Неотразимый. Более красивого человека я никогда не встречала. Темно-карие, почти черные глаза с длинными ресницами, кожа — как полированное дерево. Как не притронуться, не попробовать кончиками пальцев, всей ладонью — на ощупь. И руки у него были красивые, что бы он ни делал, можно было просто смотреть на его руки: их движения зачаровывали. Я чересчур разболталась, знаю, но я сама не могла тогда понять, что со мной происходит. Это наполняющее изнутри чувство… чувство… не знаю, как назвать его, слишком многое смешалось в одно. Красота, радость, уверенность. Знаешь, что сказал мне на это отец Харпур? «Наверное, это похоже на веру». Так и было бы… если б в веру входил еще и секс.
— Секс, — повторила Анна; слово выпало из ее рта, словно колючий неочищенный каштан, и разрослось в комнате до размеров готовой взорваться мины.
— Ага. Секс, — спокойно подтвердила мать. — Добрачный секс. Можно подумать, нынешнее поколение его открыло, судя по тому, как с ним носятся. Мы с Жоакимом не могли оторваться друг от друга. В больнице при миссии по ночам мы оставались наедине, у нас даже кровать была. Мы были молоды, безрассудны. Я пыталась считать дни, пыталась соблюдать предосторожности. Но мы оба просто не могли удержаться. Я забеременела.

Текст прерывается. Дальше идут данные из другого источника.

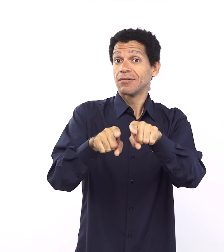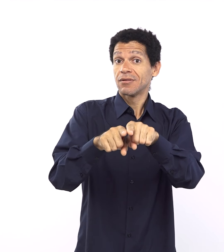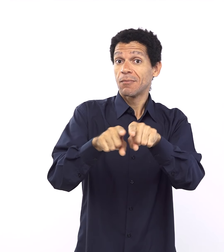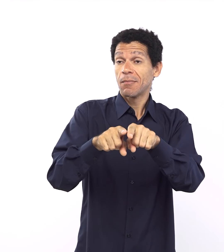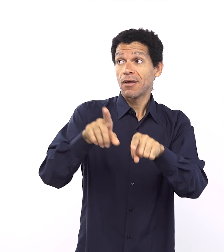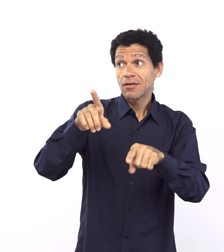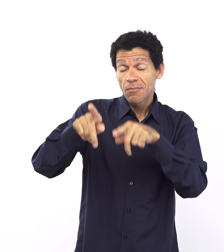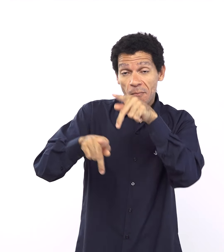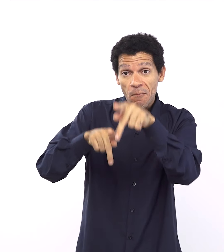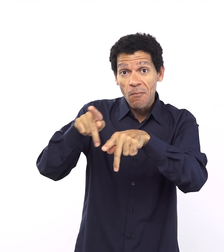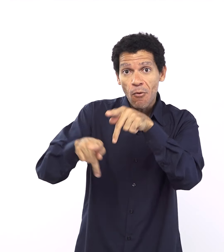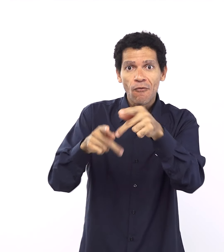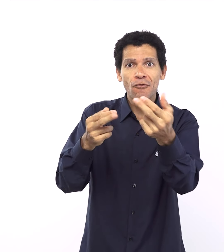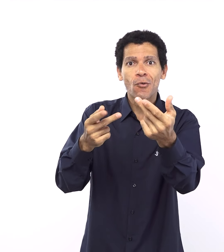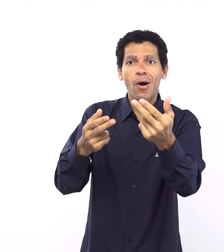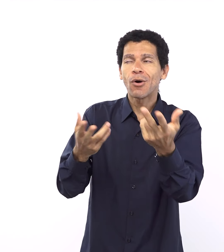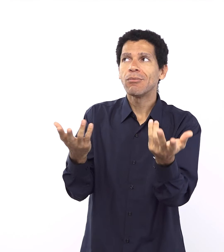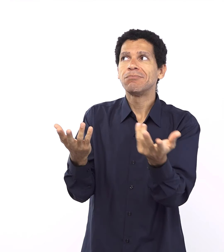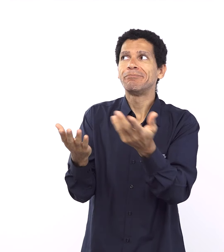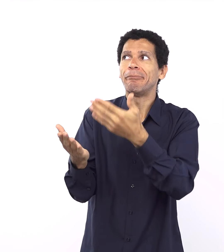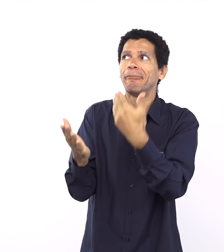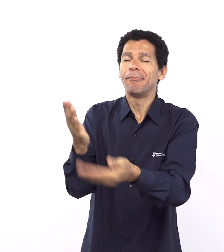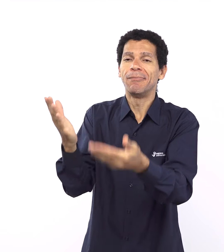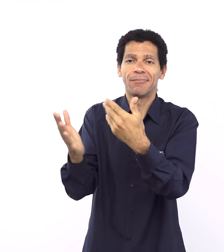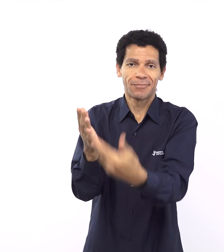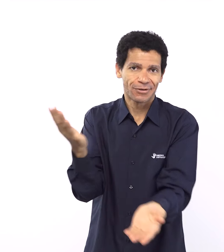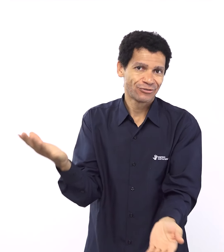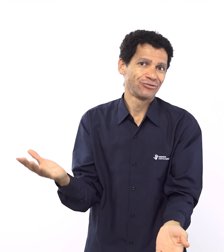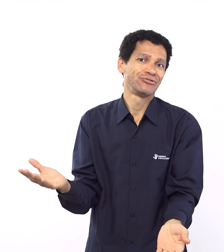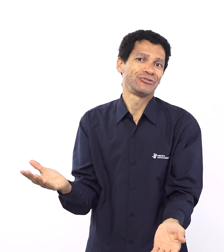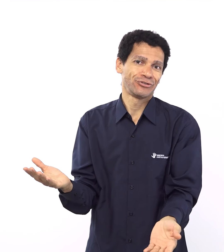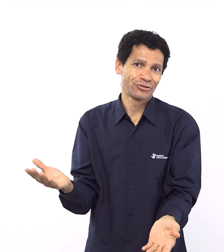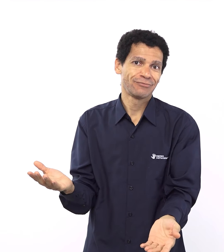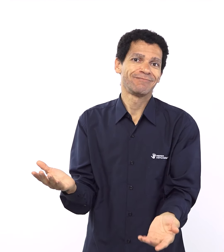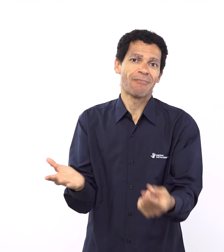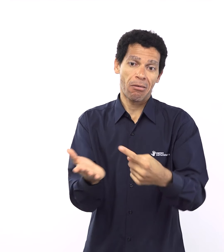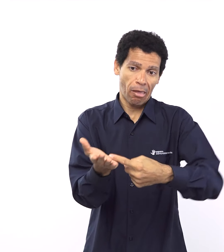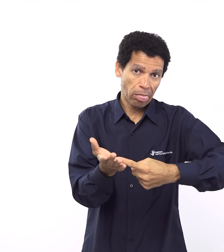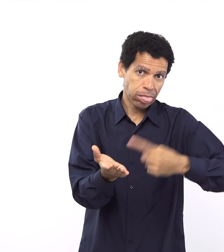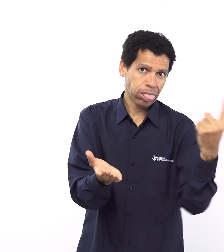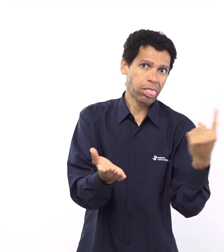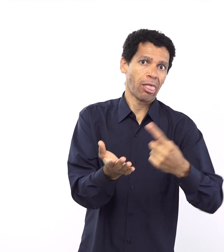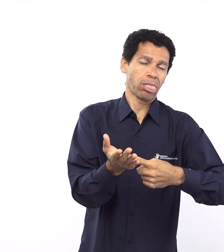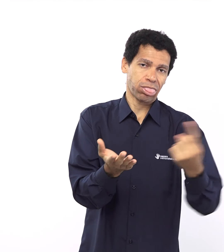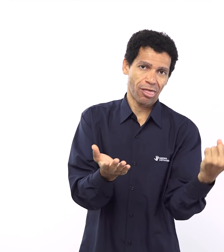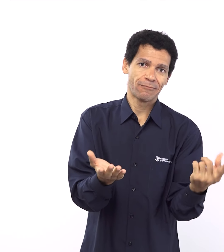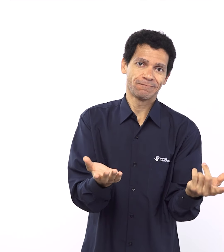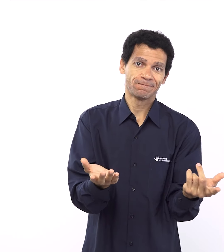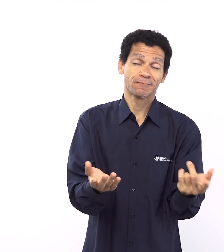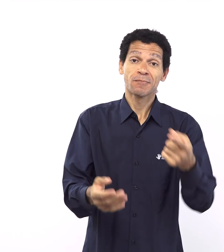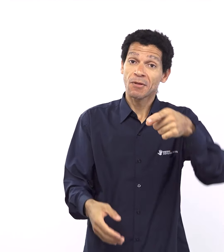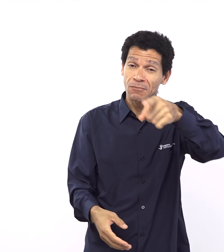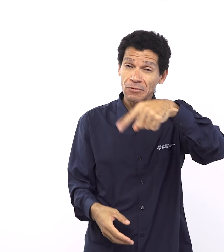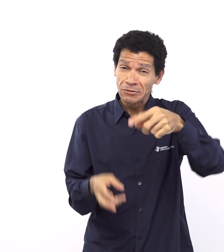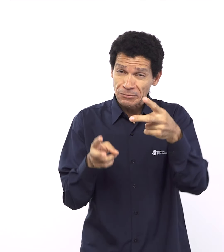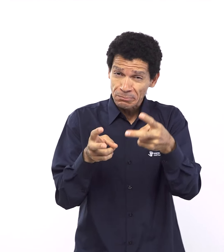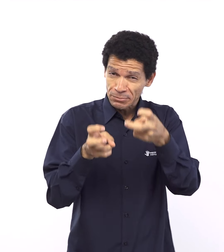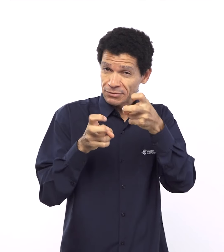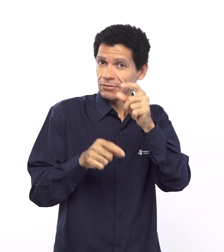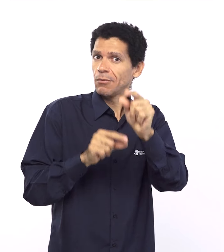a gente vê que do mesmo jeito o povo como o povo não usufruiu desses bens sociais né
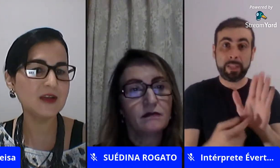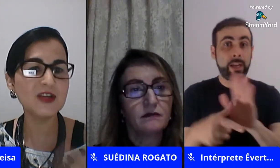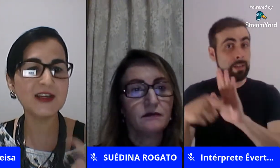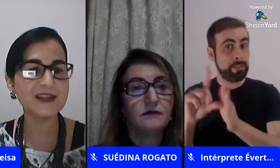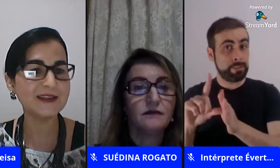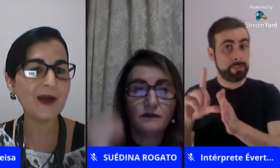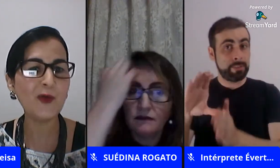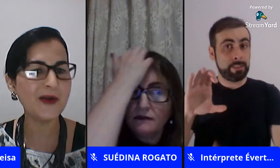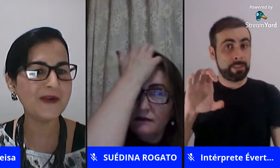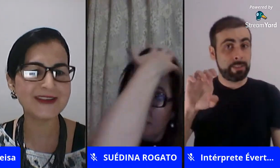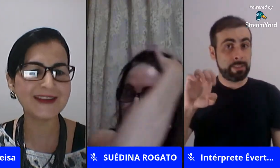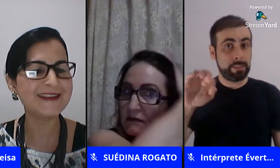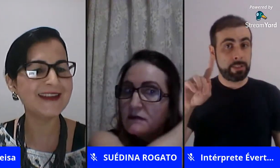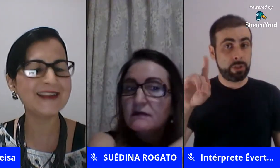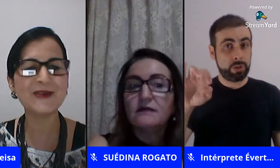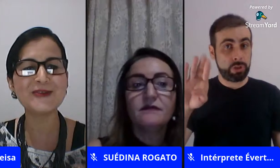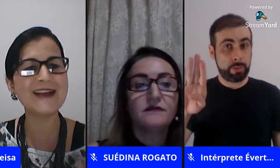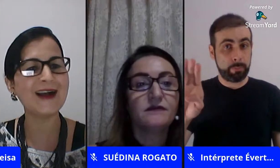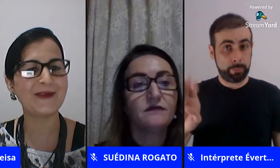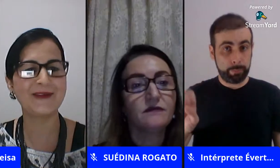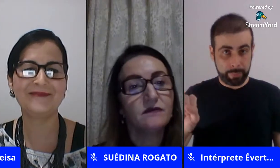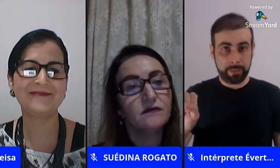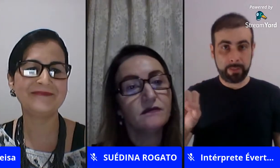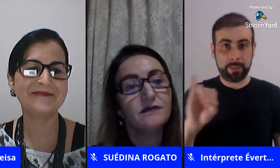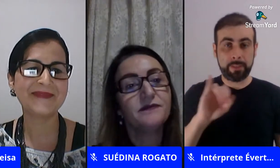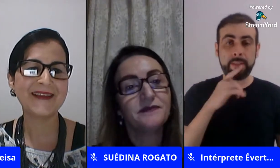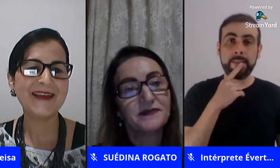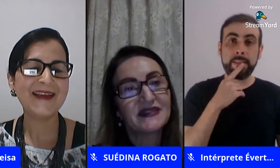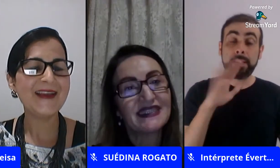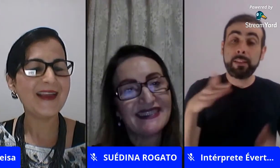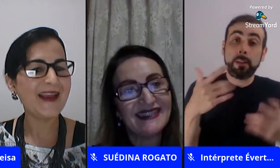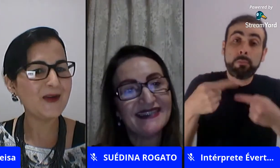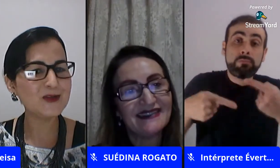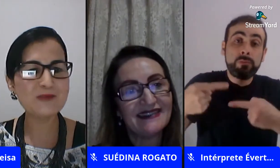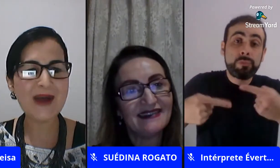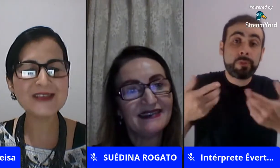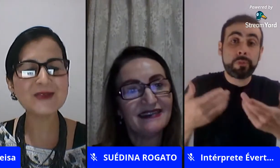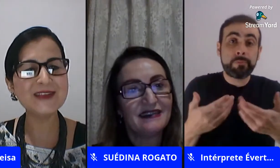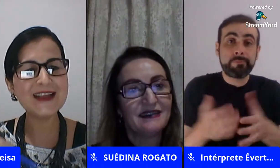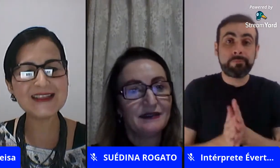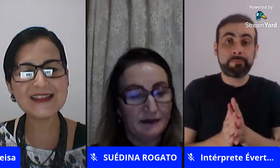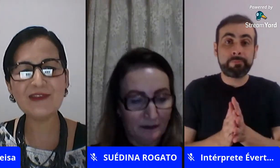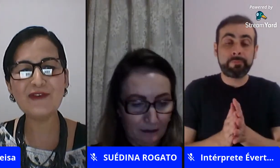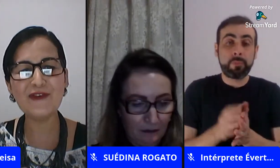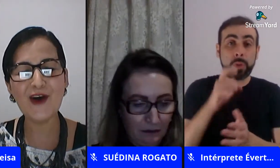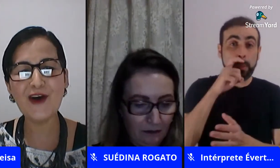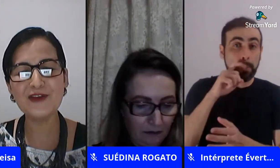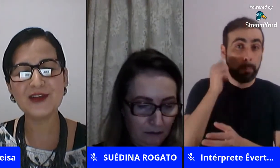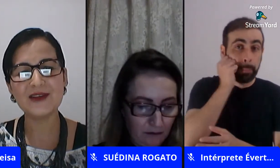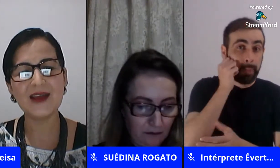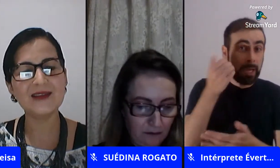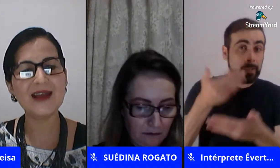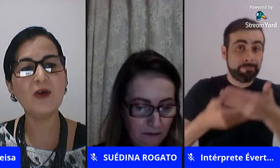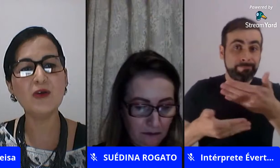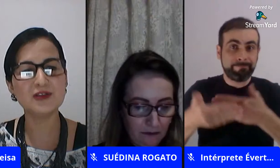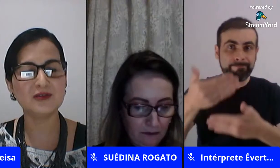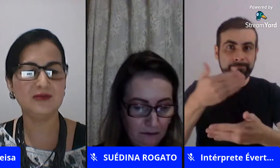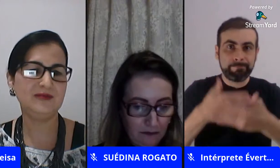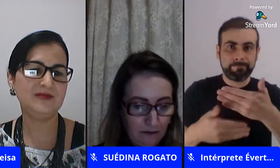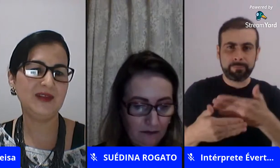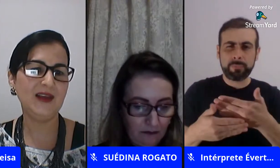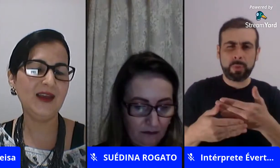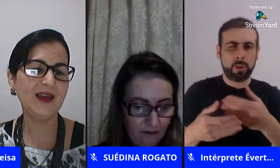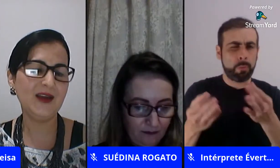vocês gostariam de acrescentar alguma coisa aqui gente é o diálogo os pais quando eles se envolvem dá

Гром рокотал все ближе. Деревянную мебель по мощеной улице перетаскивали уже к югу от Коммон, запах дождя начал проникать в открытое окно. Спрессованный воздух трещал и искрился. Шипело электричество.
— То был страшный для меня день. Жоаким уехал к себе в Гоа, я молилась, чтобы у меня началось. Отец удивлялся, с чего это вдруг я стала такой набожной. Через две недели стало ясно, что я попалась, и тогда я запаниковала. Лежала ночью в постели, и мозг вращался, словно кружащийся на мостовой пятак, — все пыталась представить себе, как я стою перед отцом и… Ты не знала моего отца… Немыслимо было бы признаться ему, что я беременна, мало того, беременна от индийца. Конечно, все в миссии любили Жоакима. Они вообще к индийцам относились очень хорошо, но межрасовый брак? Никогда. Португальцы вели себя иначе, во всех своих колониях смешивались с туземцами, но британцы… Белая английская девушка-католичка и темнокожий из Гоа — этого просто не могло быть. Против всех законов природы. По тем временам — такое же извращение, как гомосексуализм. И я ударилась в панику. Выдумала себе прикрытие. Сочинила, продумала во всех подробностях историю о том, как меня изнасиловали, и в результате у меня будет ребенок.
— Кто изнасиловал?
— Никто. Выдуманный персонаж. Человек, которого не существовало на самом деле. Сыграть эту роль было нетрудно. Я была в таком состоянии, так напугана, была прямо-таки невменяемой от ужаса, от всего, через что мне предстояло пройти.
— А Жоаким?
— Он уехал и не возвращался. Временно португальцы прислали на замену другого студента-медика. Я была в отчаянии, надо было действовать. Я рассказала отцу, что меня изнасиловали. Рухнула к его ногам и зарыдала. Буквально валялась на полу и рыдала, пока меня не вырвало. Отец вызвал полицию. Местное отделение возглавлял человек по фамилии Лонгмартин. Типичный такой «колонизатор», мускулистый коротышка с маленькими усиками, из тех, кто умеет внушать «низшим расам» страх Божий, а у самого загривок красный, как бы удар не хватил. Он явился к нам домой и записал мою до мелочей продуманную историю. Потом поговорил с отцом. Не знаю, о чем они говорили. Вероятно, отца спрашивали, не предпочтет ли он скрыть, что дочь была изнасилована, или же он требует открытого расследования. Не знаю. Знаю другое: с того момента, как я рассказала свою историю, все изменилось — непоправимо. Не помню, где я слышала… Отец Харпур сказал, или в книге прочла… Смысл в том, что ложь порождает другую ложь, как в семье дурная наследственность ведет ко все более тяжелым болезням и окончательной гибели.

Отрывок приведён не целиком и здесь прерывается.